AIM OF THE TASK: Verbatim repeat, images excluded. Give each entry again as written.

ENTRIES SUPPLIED:

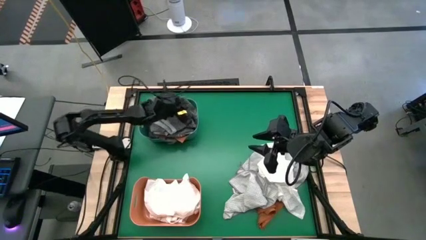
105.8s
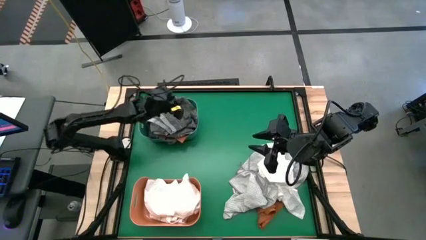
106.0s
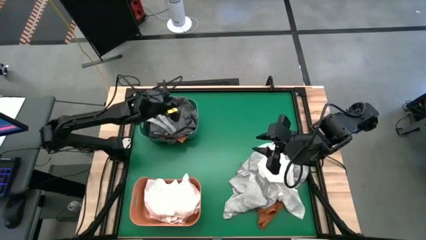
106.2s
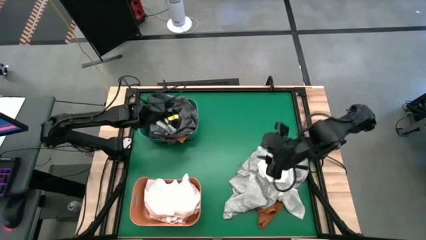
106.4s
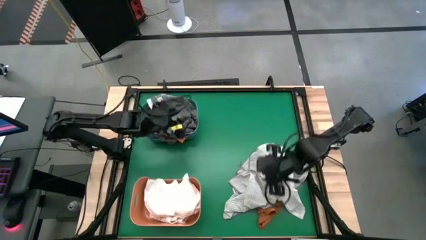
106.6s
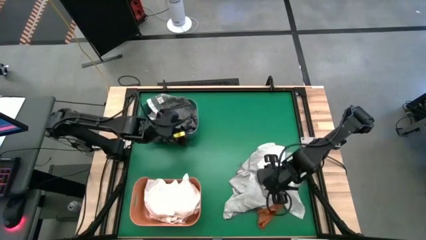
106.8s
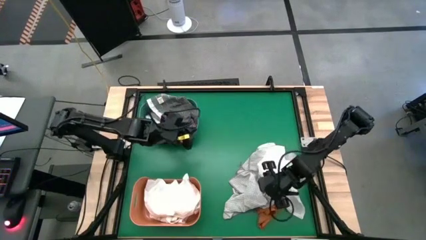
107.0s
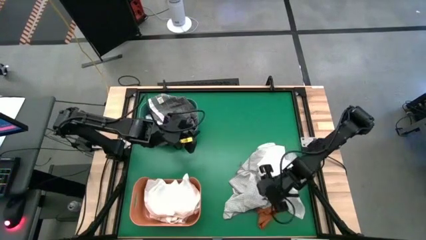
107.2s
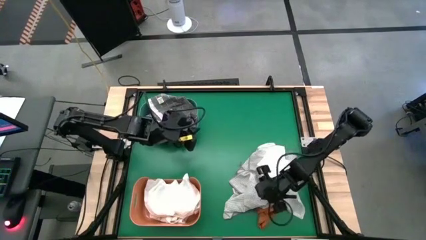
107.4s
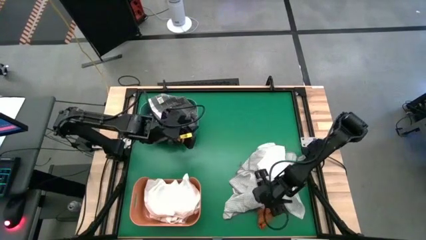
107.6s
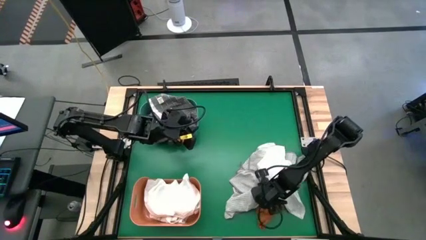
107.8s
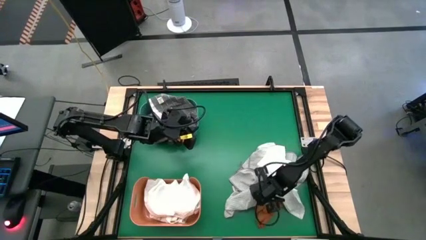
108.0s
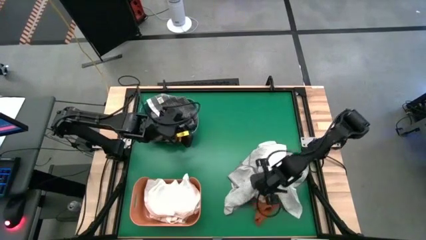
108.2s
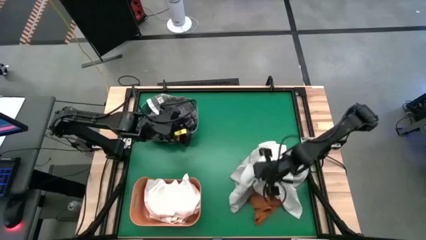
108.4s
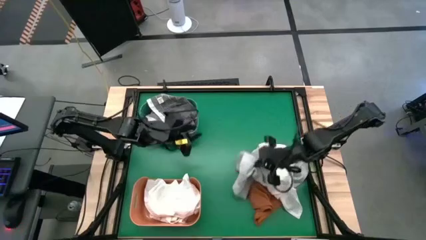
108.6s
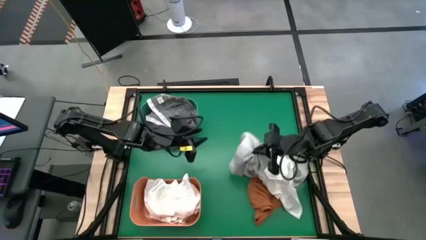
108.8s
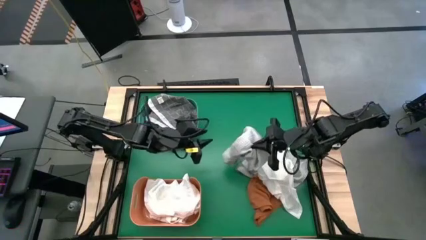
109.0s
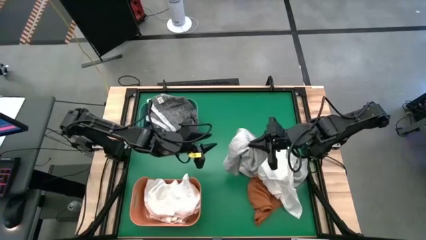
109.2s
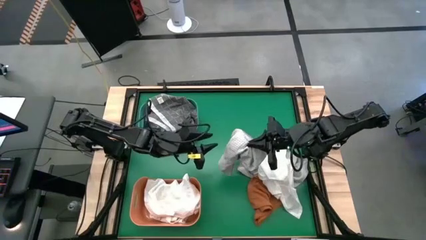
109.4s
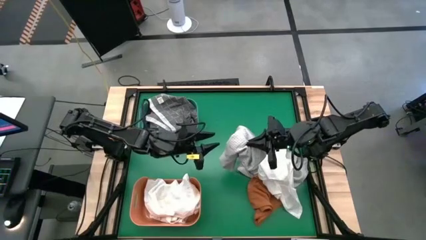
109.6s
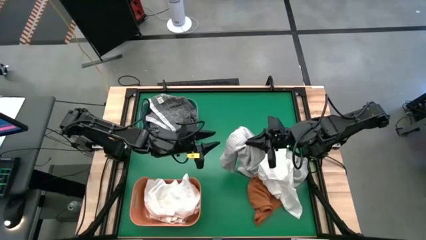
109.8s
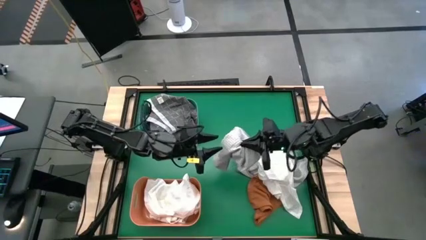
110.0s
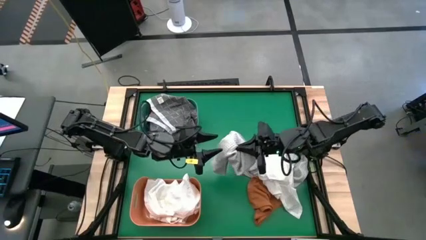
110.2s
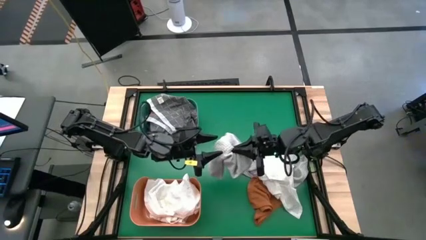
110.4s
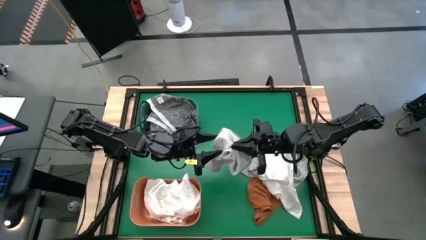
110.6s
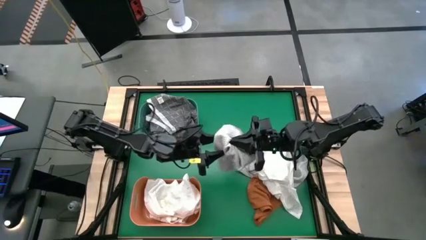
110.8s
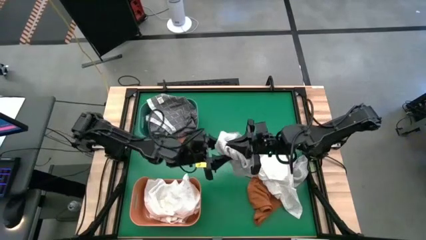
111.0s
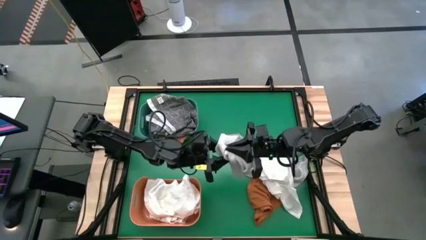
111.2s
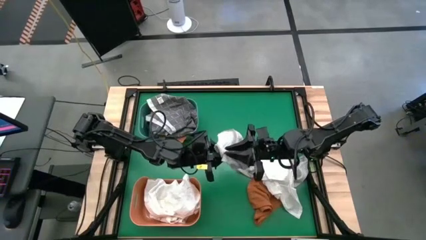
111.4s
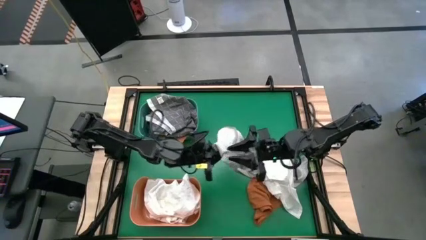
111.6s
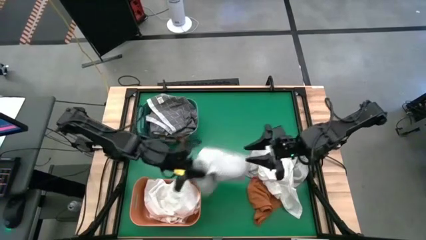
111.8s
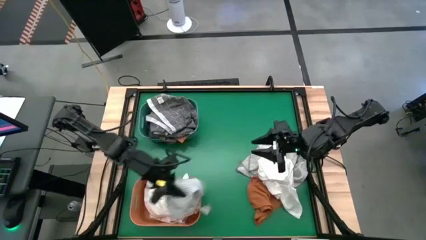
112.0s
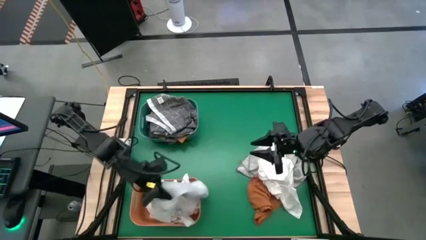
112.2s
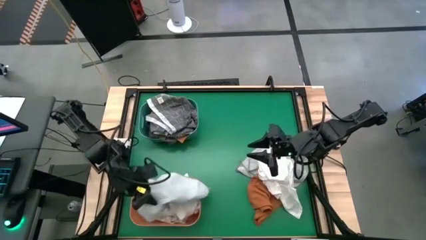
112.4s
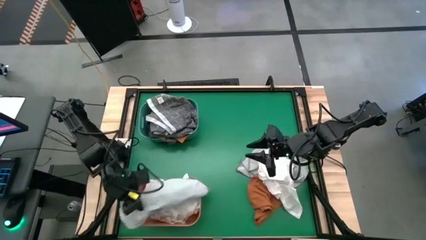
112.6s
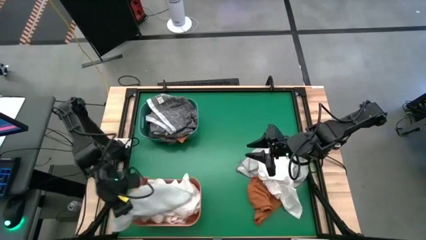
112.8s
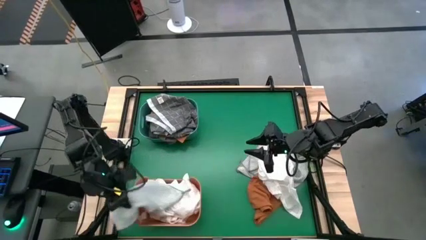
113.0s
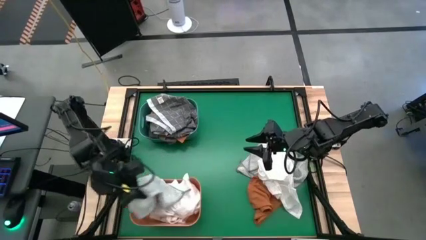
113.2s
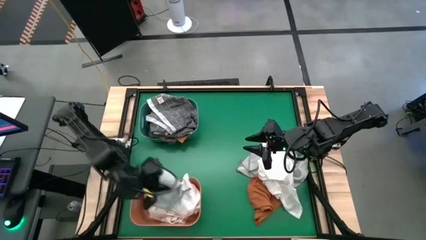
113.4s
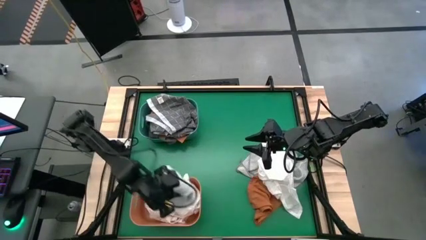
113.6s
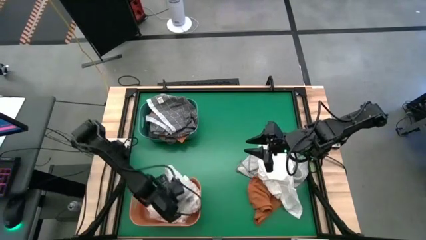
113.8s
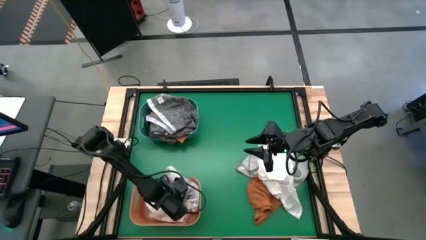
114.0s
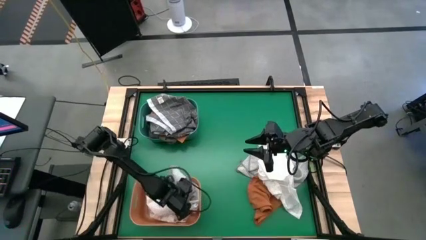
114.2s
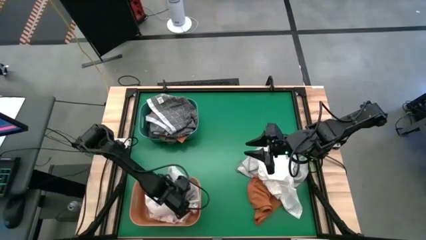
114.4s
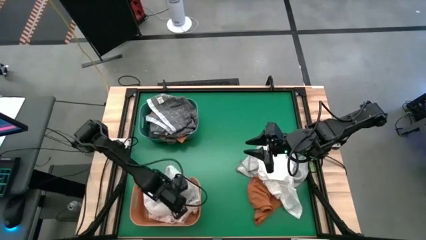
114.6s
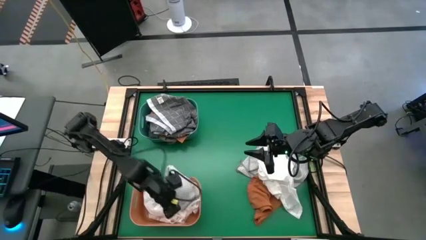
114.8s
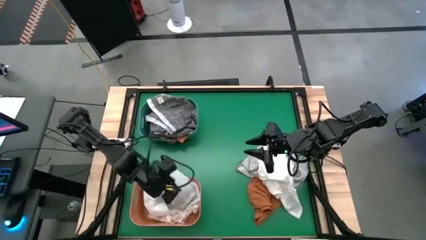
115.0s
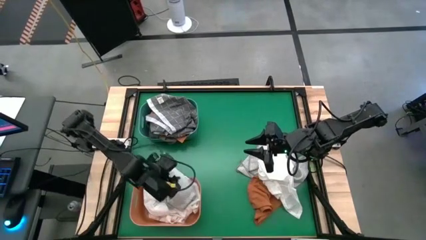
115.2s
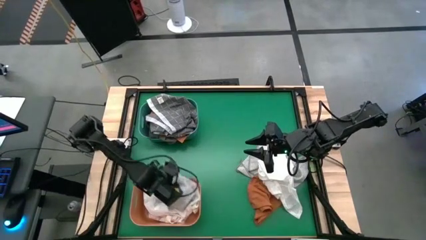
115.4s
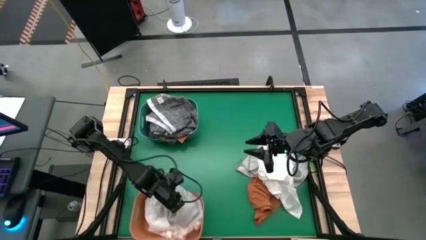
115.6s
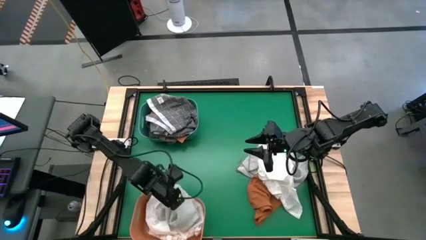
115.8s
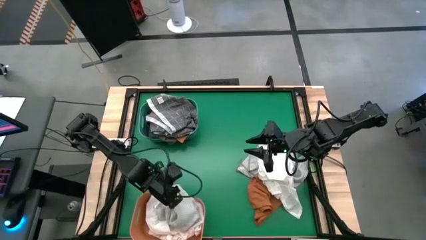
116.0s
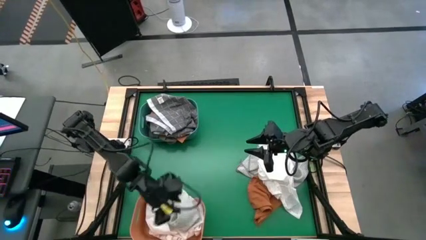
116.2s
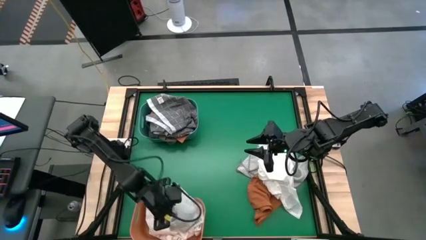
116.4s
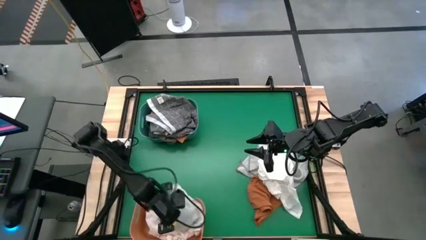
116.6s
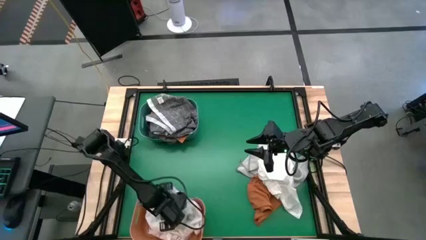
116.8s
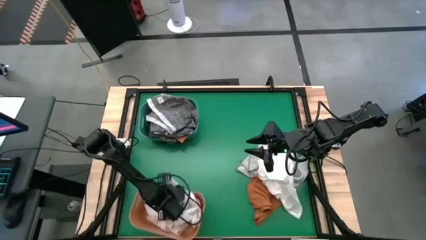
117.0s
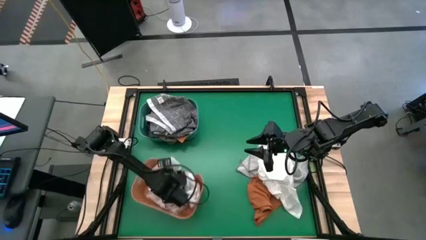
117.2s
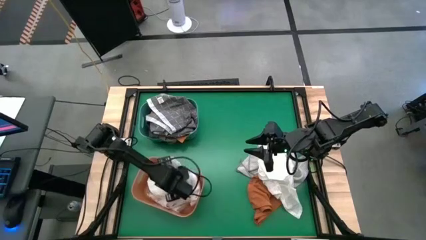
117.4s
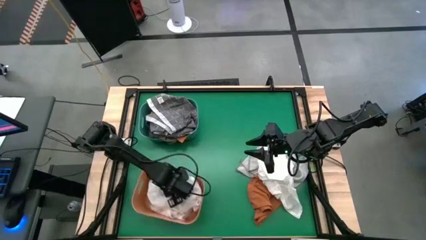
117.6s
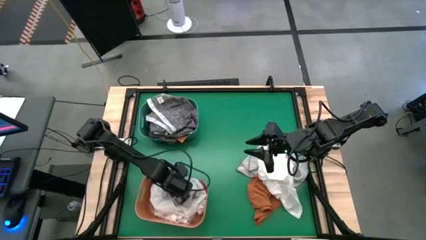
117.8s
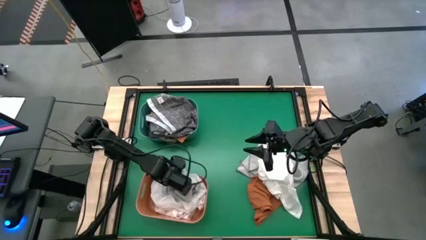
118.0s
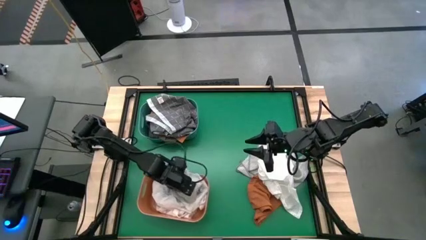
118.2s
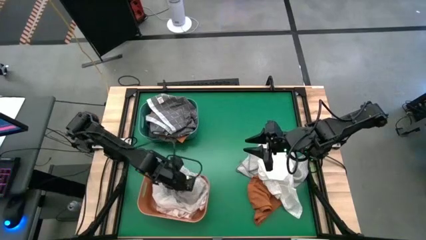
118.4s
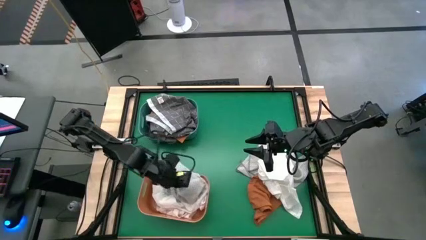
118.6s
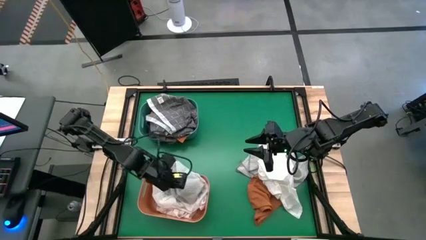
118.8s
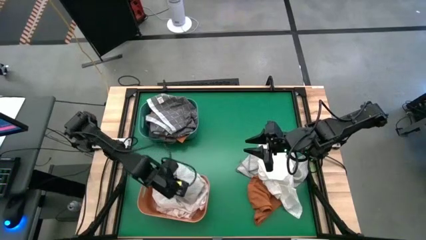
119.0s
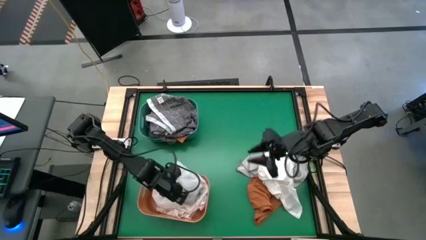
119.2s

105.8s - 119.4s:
Task: Sort microfiber towel by color & place in baskets
Put the gray microfiber towel into the orange bin

RESPONSE TO THE TASK:
105.8s
106.0s
106.2s
106.4s
106.6s
106.8s
107.0s
107.2s
107.4s
107.6s
107.8s
108.0s
108.2s
108.4s
108.6s
108.8s
109.0s
109.2s
109.4s
109.6s
109.8s
110.0s
110.2s
110.4s
110.6s
110.8s
111.0s
111.2s
111.4s
111.6s
111.8s
112.0s
112.2s
112.4s
112.6s
112.8s
113.0s
113.2s
113.4s
113.6s
113.8s
114.0s
114.2s
114.4s
114.6s
114.8s
115.0s
115.2s
115.4s
115.6s
115.8s
116.0s
116.2s
116.4s
116.6s
116.8s
117.0s
117.2s
117.4s
117.6s
117.8s
118.0s
118.2s
118.4s
118.6s
118.8s
119.0s
119.2s

105.8s - 119.4s:
Task: Sort microfiber towel by color & place in baskets
Put the gray microfiber towel into the orange bin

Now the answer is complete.